Sun Daggars!

This is super cool.

I’ve always been interested in how people track time, during the day and across the seasons. I’ve posted about the sundial of Augustus in Rome and the obelisk of St. Peter’s, the sunclocks of St. Sulpice in Paris and in Santa Maria degli Angeli in Rome. I think I may have posted about the astrolabe I have tucked away somewhere. Etc.

From APOD:

Explanation: Ancient sun daggers will not hurt you, but they may tell you the time. A sun dagger is a dagger-shaped gap in a shadow created by sunlight streaming through a crevice in a nearby rock. Starting over a thousand year ago, native people of the American southwest carved spiral petroglyphs into rocks that became illuminated by sun daggers in different ways as the Sun shifts in the sky.
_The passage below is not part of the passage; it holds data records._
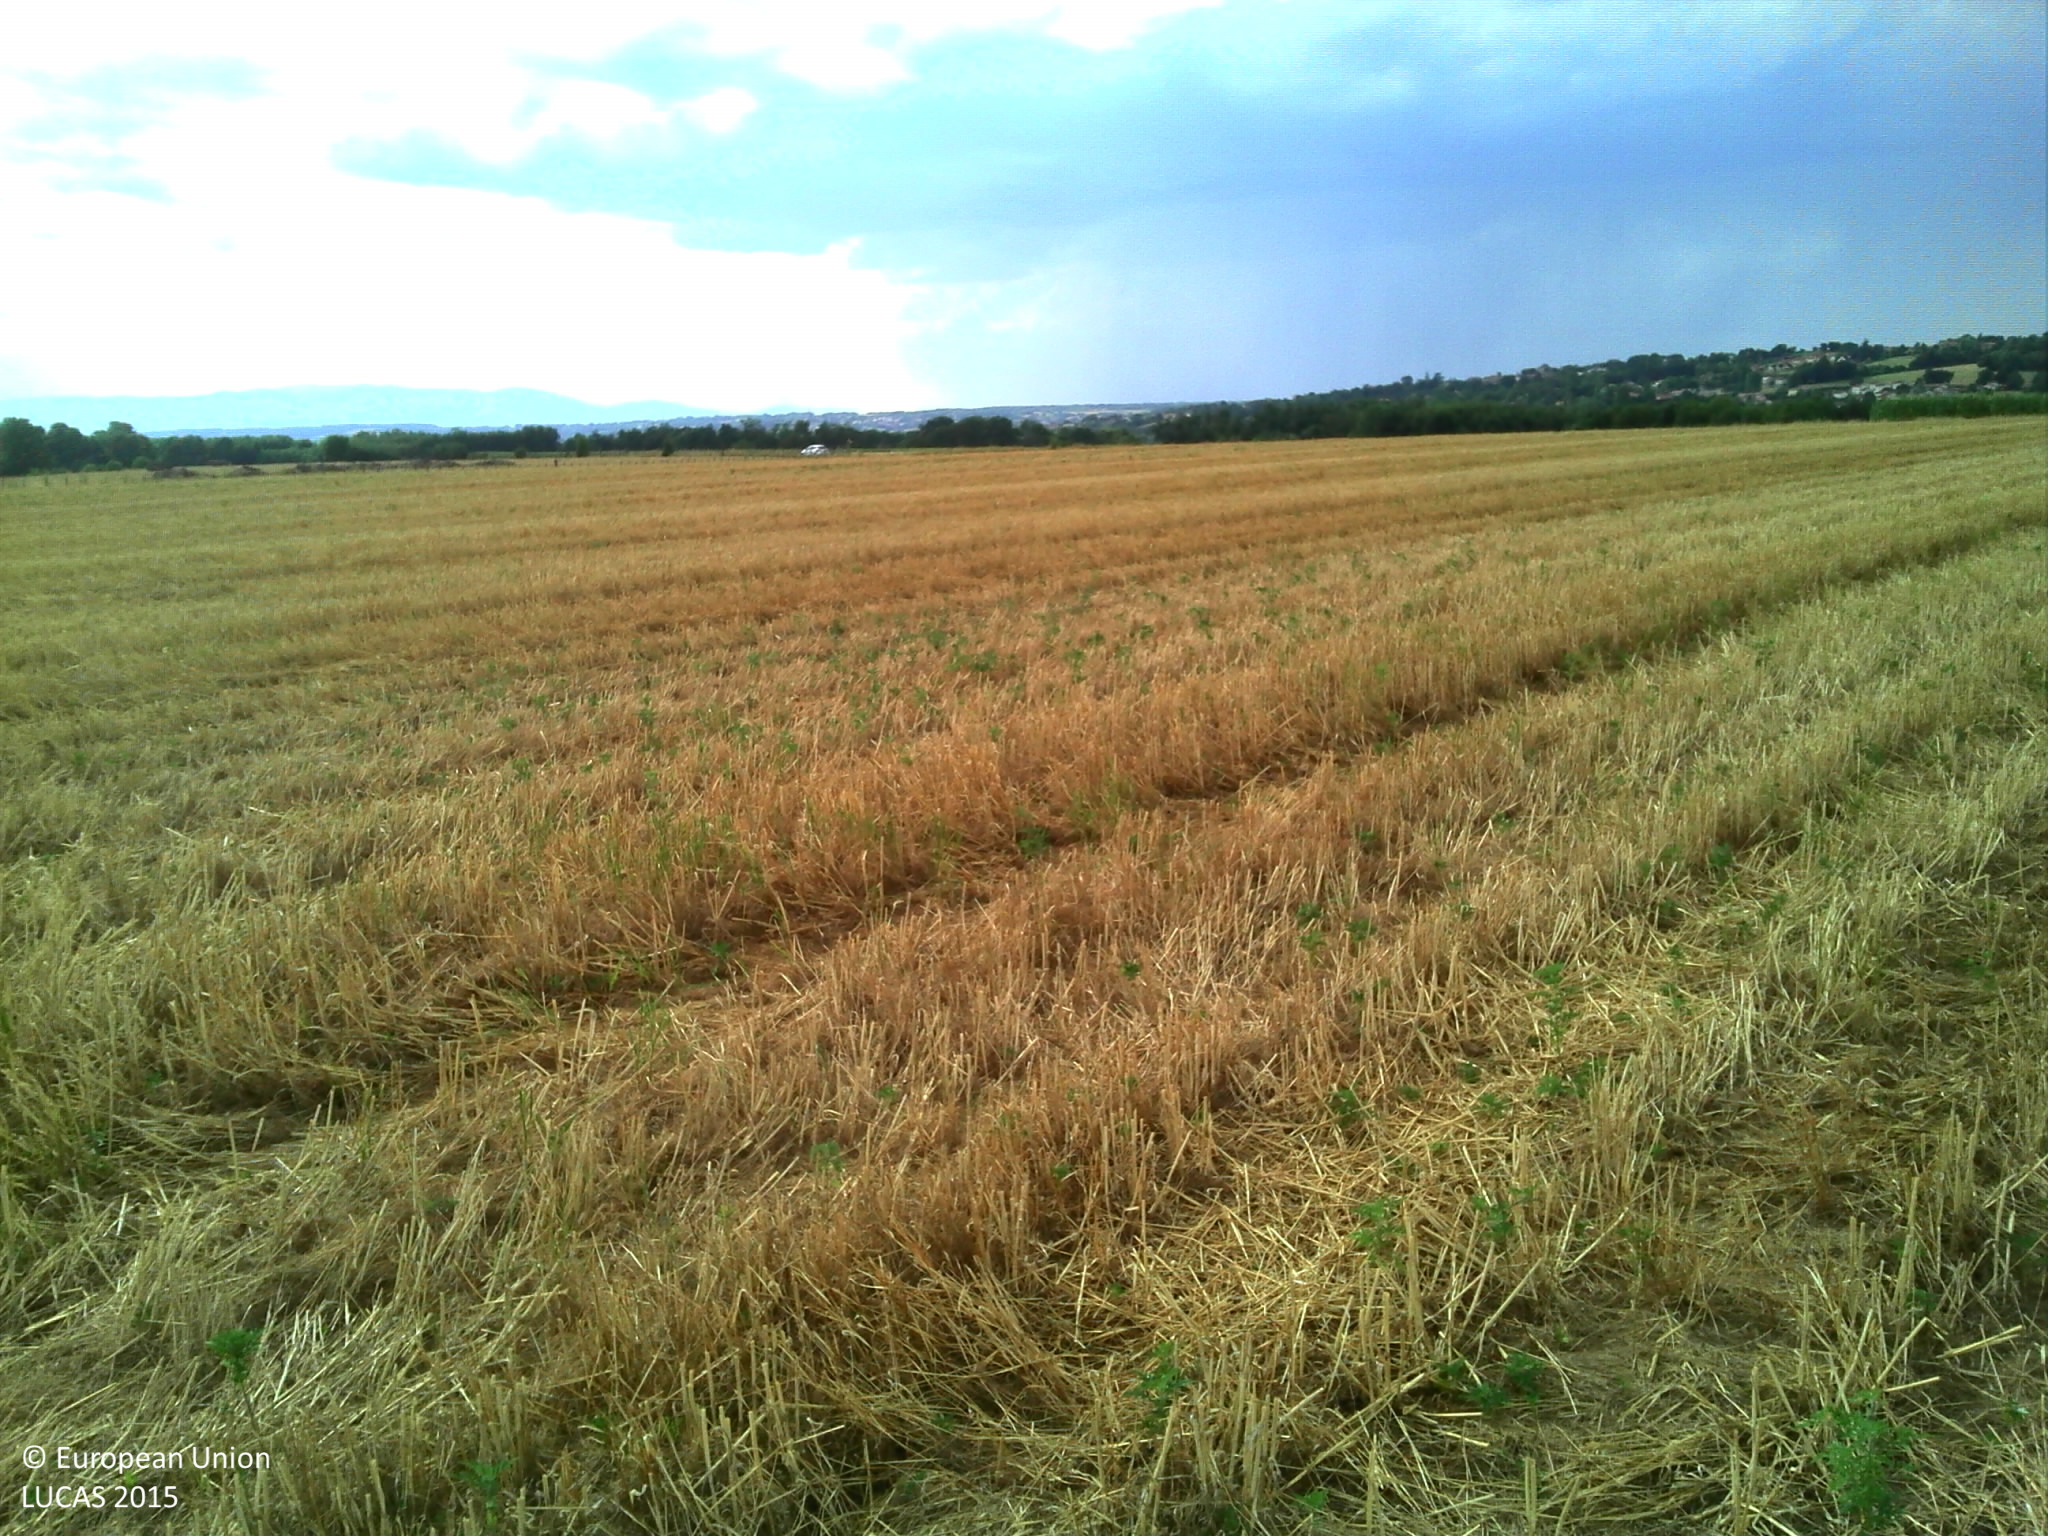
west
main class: Cropland
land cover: Common wheat
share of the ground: > 75 %
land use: Agriculture (excluding fallow land and kitchen gardens)
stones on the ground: < 10 %
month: July
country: FR
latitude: 45.3709
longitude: 5.0633

A type of sundial, where the end of the sundagger points in the spiral at high noon (for example) indicates a time of year, possibly illuminating a solstice or equinox. Sun daggers are thought to have been used by Sun Priests during lone vigils with prayers and offerings. Of the few known, the featured video discusses the historic Picture Rocks Sun Dagger near Tucson, Arizona, USA, likely created by a Hohokam Sun Priest around 1000 AD.

For the links in that piece, go over to APOD.

About Fr. John Zuhlsdorf

Fr. Z is the guy who runs this blog. o{]:¬)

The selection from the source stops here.